* _Task statement_
Your answer must be an exact copy of the entries below, with no pictures in it.

※

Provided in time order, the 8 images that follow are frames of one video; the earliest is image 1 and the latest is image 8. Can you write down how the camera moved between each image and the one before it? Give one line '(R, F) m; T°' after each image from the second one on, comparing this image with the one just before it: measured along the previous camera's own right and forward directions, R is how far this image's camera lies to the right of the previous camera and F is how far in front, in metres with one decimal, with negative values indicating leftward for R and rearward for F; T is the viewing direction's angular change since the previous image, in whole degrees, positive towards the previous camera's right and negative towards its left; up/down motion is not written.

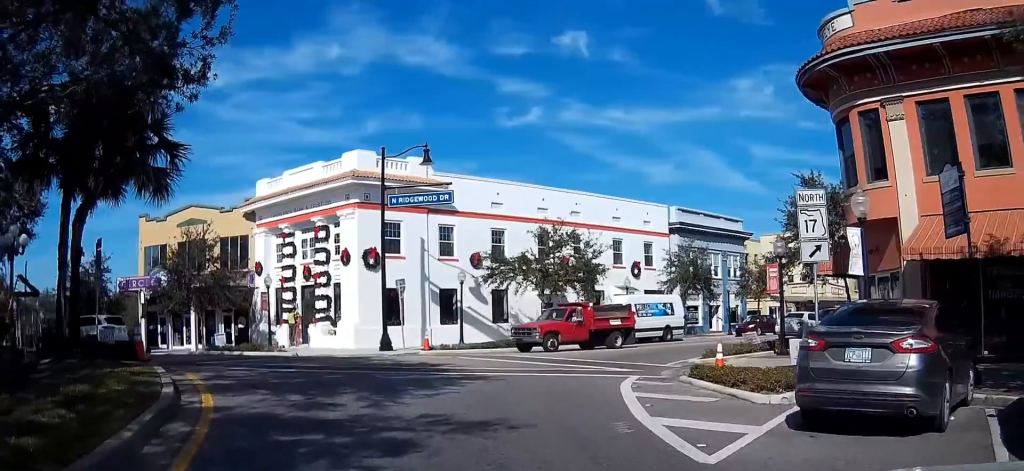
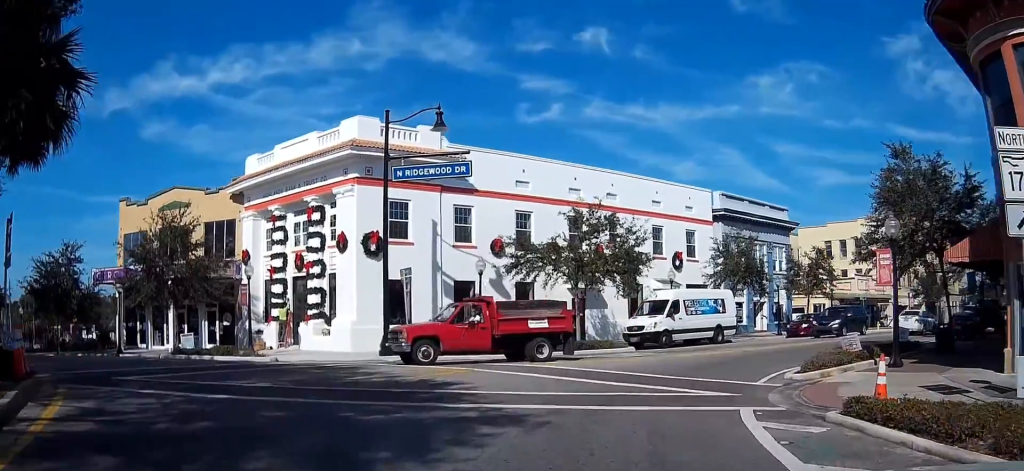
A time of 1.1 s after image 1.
(-0.4, +4.5) m; -5°
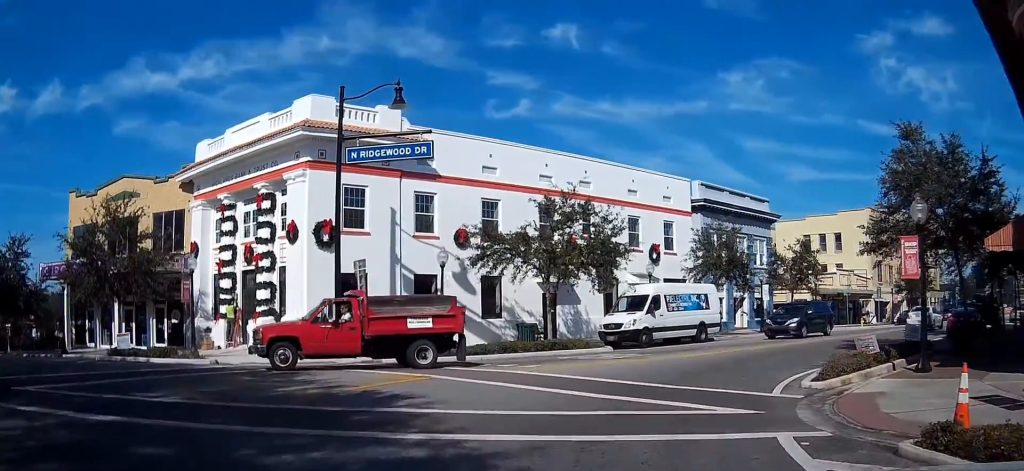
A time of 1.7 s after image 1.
(-0.1, +2.0) m; +1°
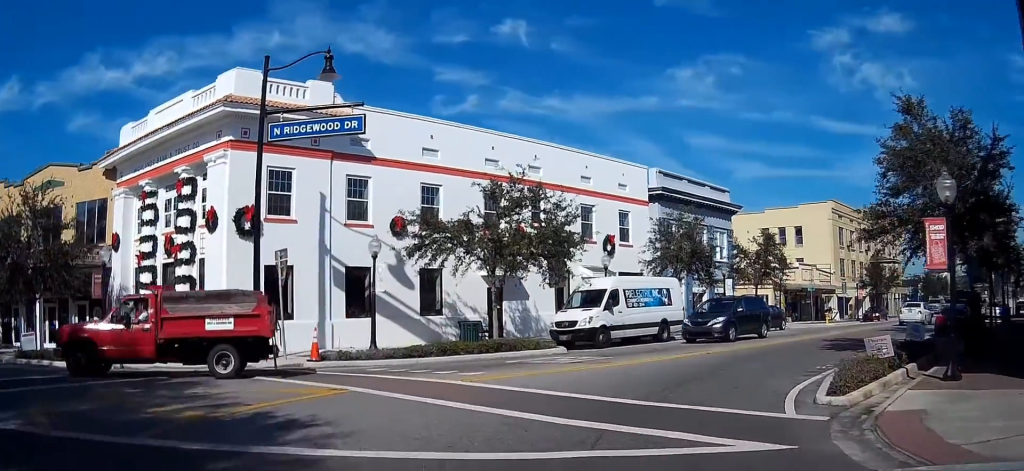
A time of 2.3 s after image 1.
(+0.2, +2.2) m; +7°
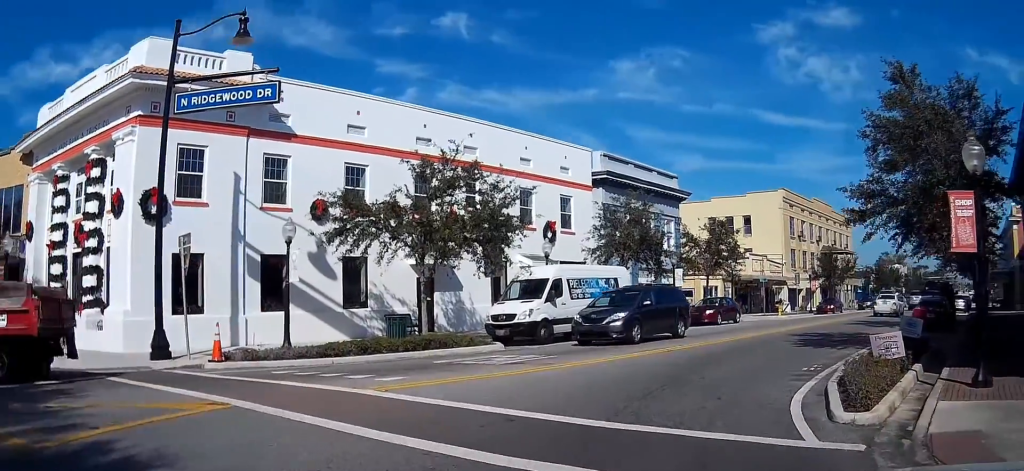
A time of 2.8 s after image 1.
(+0.1, +2.0) m; +8°
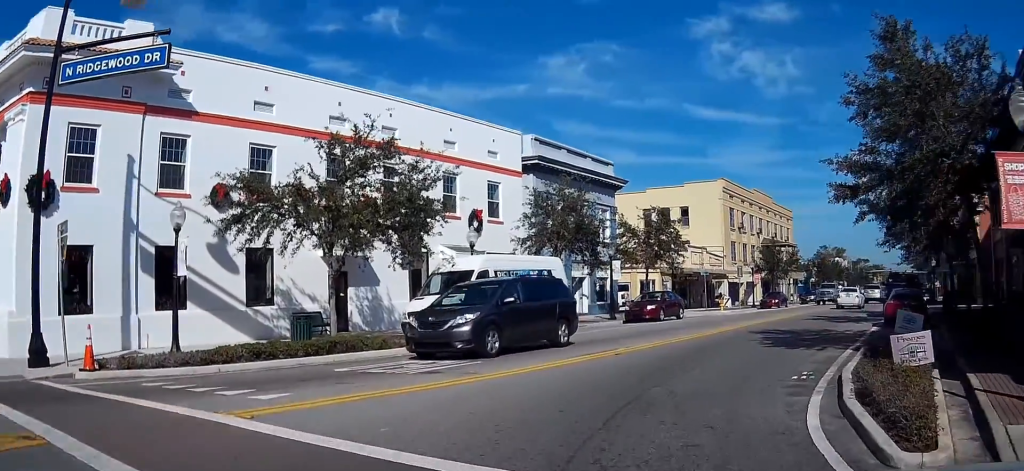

※

* _Expected output_
Provided in time order, the 8 images that follow are frames of one video; the earliest is image 1 and the latest is image 8. Can you write down how the camera moved between each image and the one before it? Give one line '(R, F) m; T°' after each image from the second one on, comparing this image with the one just before it: measured along the previous camera's own right and forward directions, R is how far this image's camera lies to the right of the previous camera and F is how far in front, in metres with one decimal, with negative values indicating leftward for R and rearward for F; T is the viewing direction's angular change since the previous image, in whole degrees, positive towards the previous camera's right and negative towards its left; up/down motion is not written.

A time of 1.1 s after image 1.
(-0.4, +4.5) m; -5°
A time of 1.7 s after image 1.
(-0.1, +2.0) m; +1°
A time of 2.3 s after image 1.
(+0.2, +2.2) m; +7°
A time of 2.8 s after image 1.
(+0.1, +2.0) m; +8°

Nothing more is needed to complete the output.